» **Work request**: The word "round" marks the lines to copy; find all of them in the entries below.

» **Exercise data**:
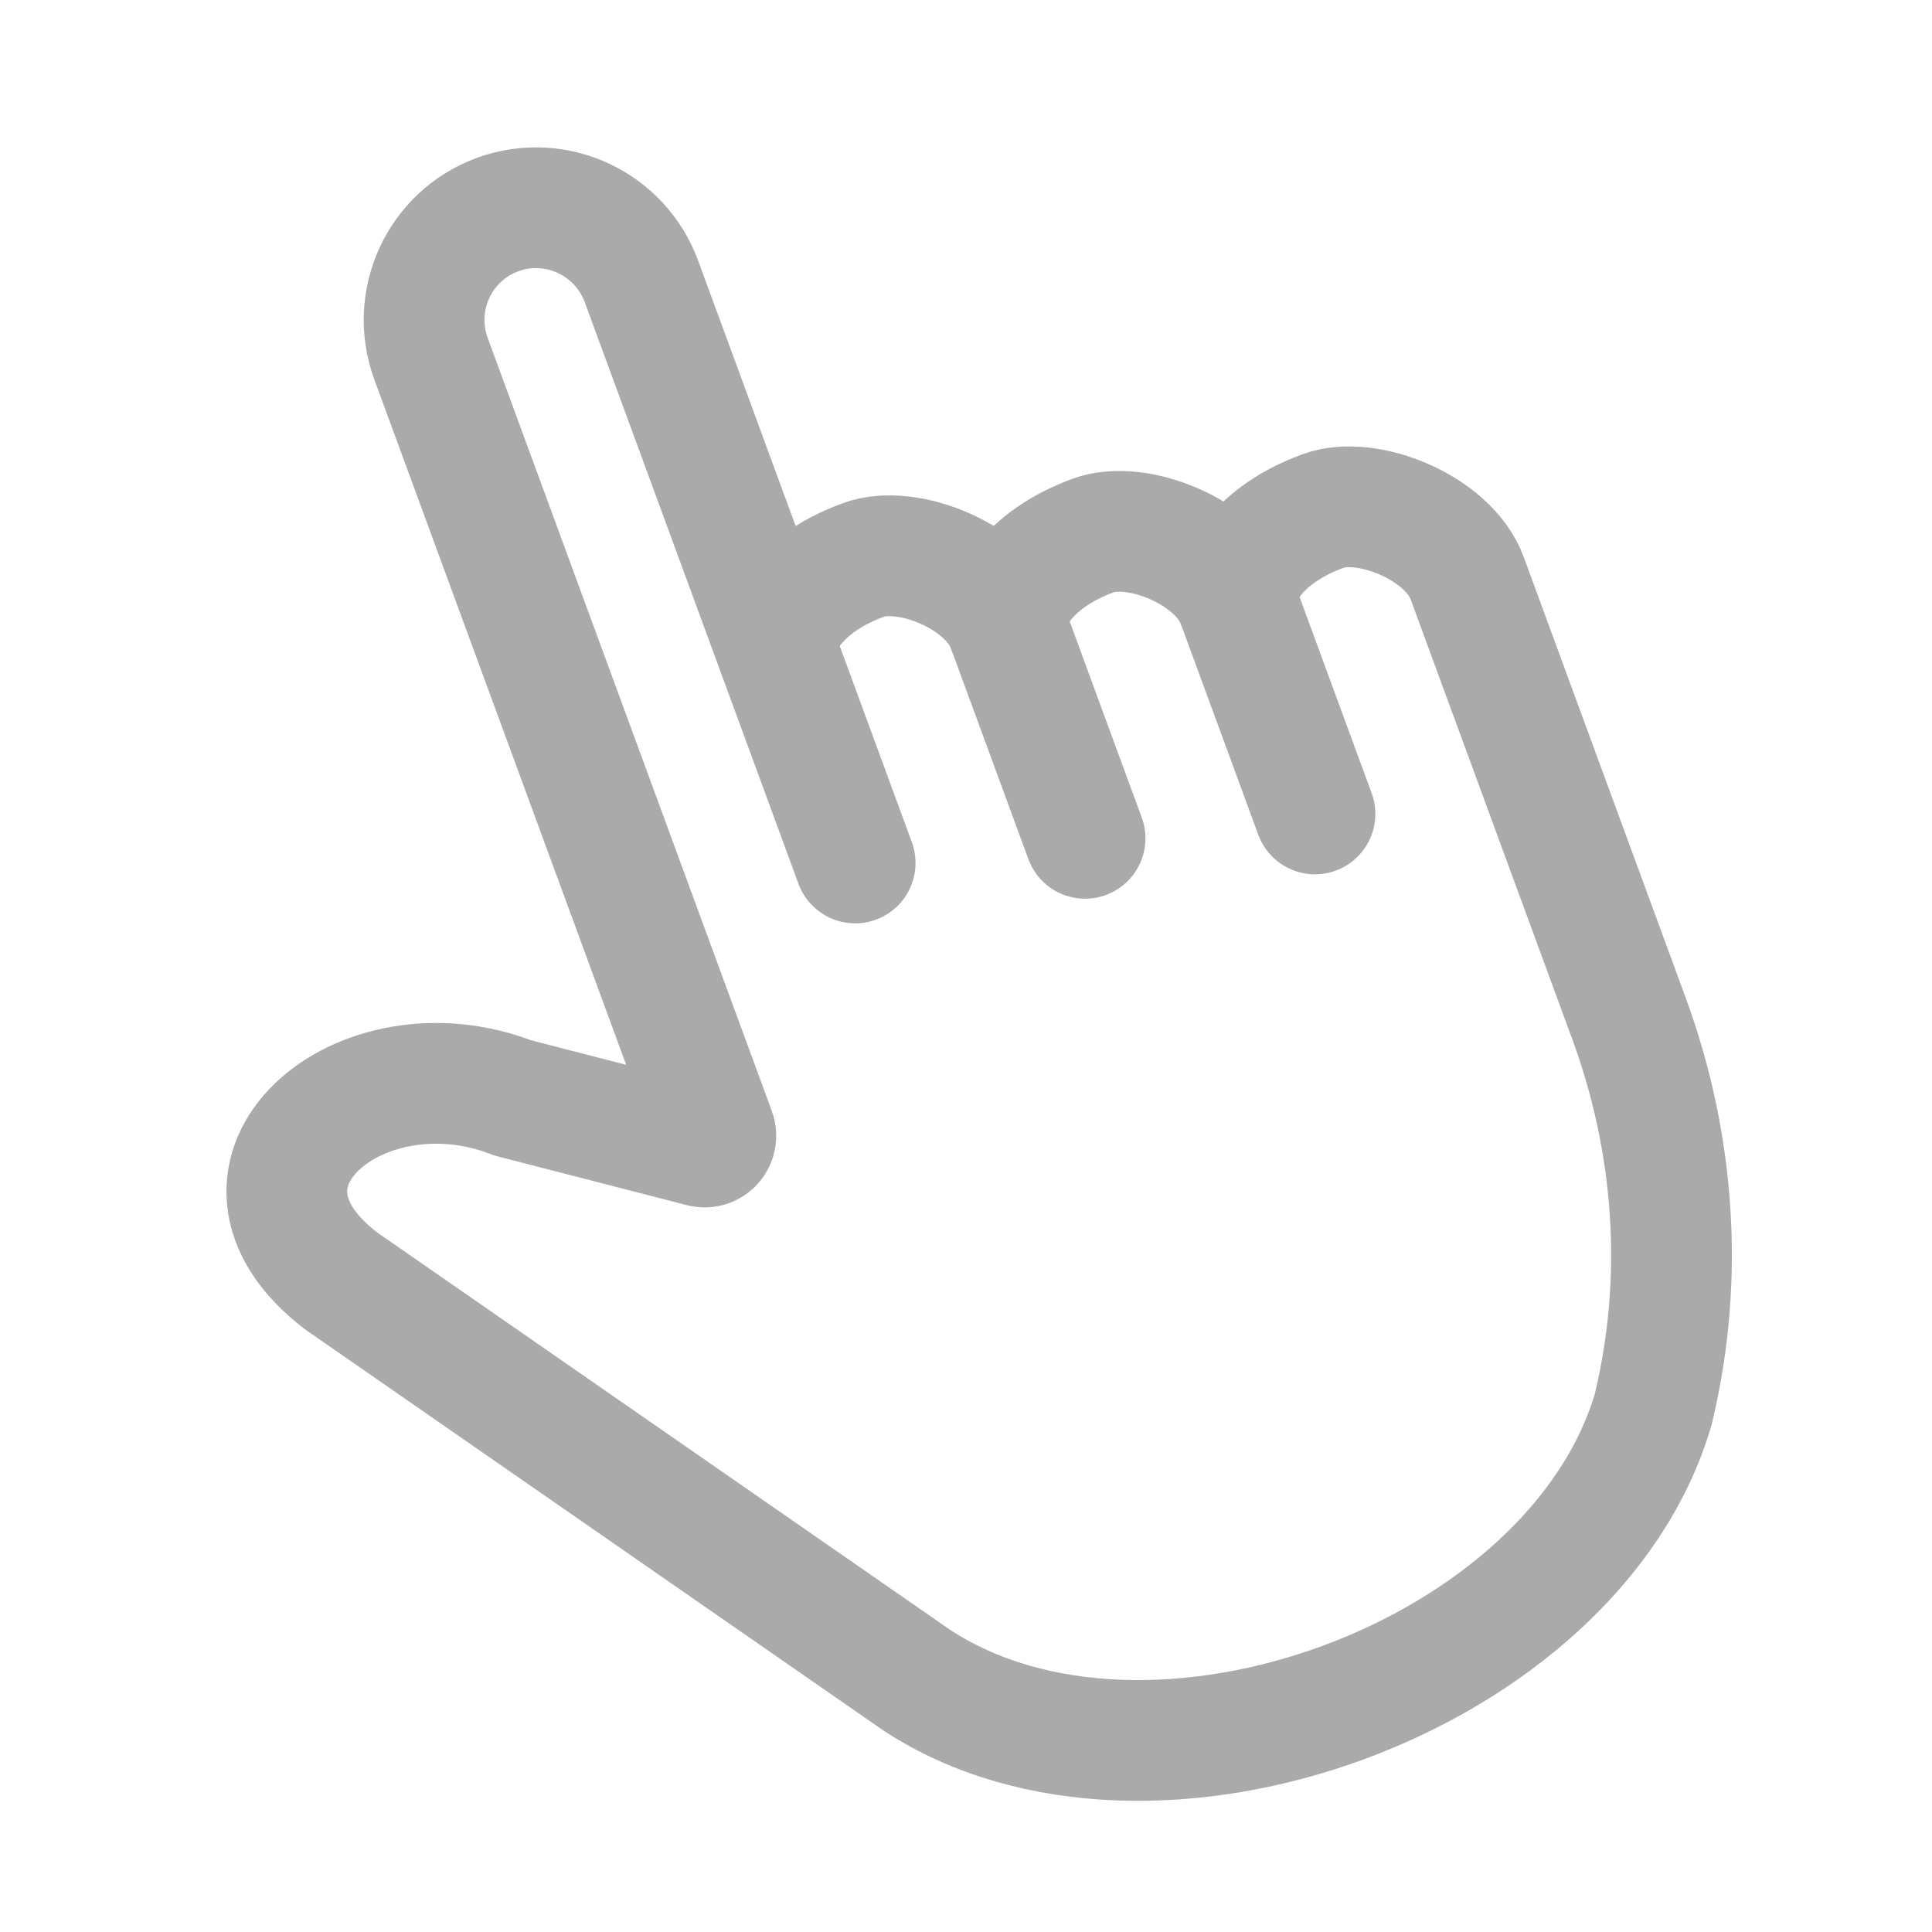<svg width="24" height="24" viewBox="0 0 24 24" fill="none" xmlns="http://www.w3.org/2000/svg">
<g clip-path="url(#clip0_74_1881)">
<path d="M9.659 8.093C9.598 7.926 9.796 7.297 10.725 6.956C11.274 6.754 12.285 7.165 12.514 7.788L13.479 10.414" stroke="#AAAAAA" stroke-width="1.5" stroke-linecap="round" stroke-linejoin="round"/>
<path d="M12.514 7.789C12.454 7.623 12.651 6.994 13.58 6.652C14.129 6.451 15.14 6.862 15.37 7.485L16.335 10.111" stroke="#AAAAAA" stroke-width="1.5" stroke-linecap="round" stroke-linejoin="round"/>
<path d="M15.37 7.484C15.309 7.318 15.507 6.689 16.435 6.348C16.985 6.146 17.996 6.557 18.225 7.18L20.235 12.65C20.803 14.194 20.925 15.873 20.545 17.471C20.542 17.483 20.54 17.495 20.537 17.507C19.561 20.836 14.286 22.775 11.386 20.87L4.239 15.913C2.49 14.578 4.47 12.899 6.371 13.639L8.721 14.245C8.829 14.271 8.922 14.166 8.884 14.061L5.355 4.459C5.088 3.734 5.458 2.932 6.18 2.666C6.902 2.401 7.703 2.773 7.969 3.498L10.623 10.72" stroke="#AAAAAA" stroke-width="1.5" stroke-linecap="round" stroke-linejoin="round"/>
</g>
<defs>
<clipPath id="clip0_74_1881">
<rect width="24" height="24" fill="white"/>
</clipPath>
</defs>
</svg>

» **Response to this task**:
<path d="M9.659 8.093C9.598 7.926 9.796 7.297 10.725 6.956C11.274 6.754 12.285 7.165 12.514 7.788L13.479 10.414" stroke="#AAAAAA" stroke-width="1.5" stroke-linecap="round" stroke-linejoin="round"/>
<path d="M12.514 7.789C12.454 7.623 12.651 6.994 13.58 6.652C14.129 6.451 15.14 6.862 15.37 7.485L16.335 10.111" stroke="#AAAAAA" stroke-width="1.5" stroke-linecap="round" stroke-linejoin="round"/>
<path d="M15.37 7.484C15.309 7.318 15.507 6.689 16.435 6.348C16.985 6.146 17.996 6.557 18.225 7.18L20.235 12.65C20.803 14.194 20.925 15.873 20.545 17.471C20.542 17.483 20.54 17.495 20.537 17.507C19.561 20.836 14.286 22.775 11.386 20.87L4.239 15.913C2.49 14.578 4.47 12.899 6.371 13.639L8.721 14.245C8.829 14.271 8.922 14.166 8.884 14.061L5.355 4.459C5.088 3.734 5.458 2.932 6.18 2.666C6.902 2.401 7.703 2.773 7.969 3.498L10.623 10.72" stroke="#AAAAAA" stroke-width="1.5" stroke-linecap="round" stroke-linejoin="round"/>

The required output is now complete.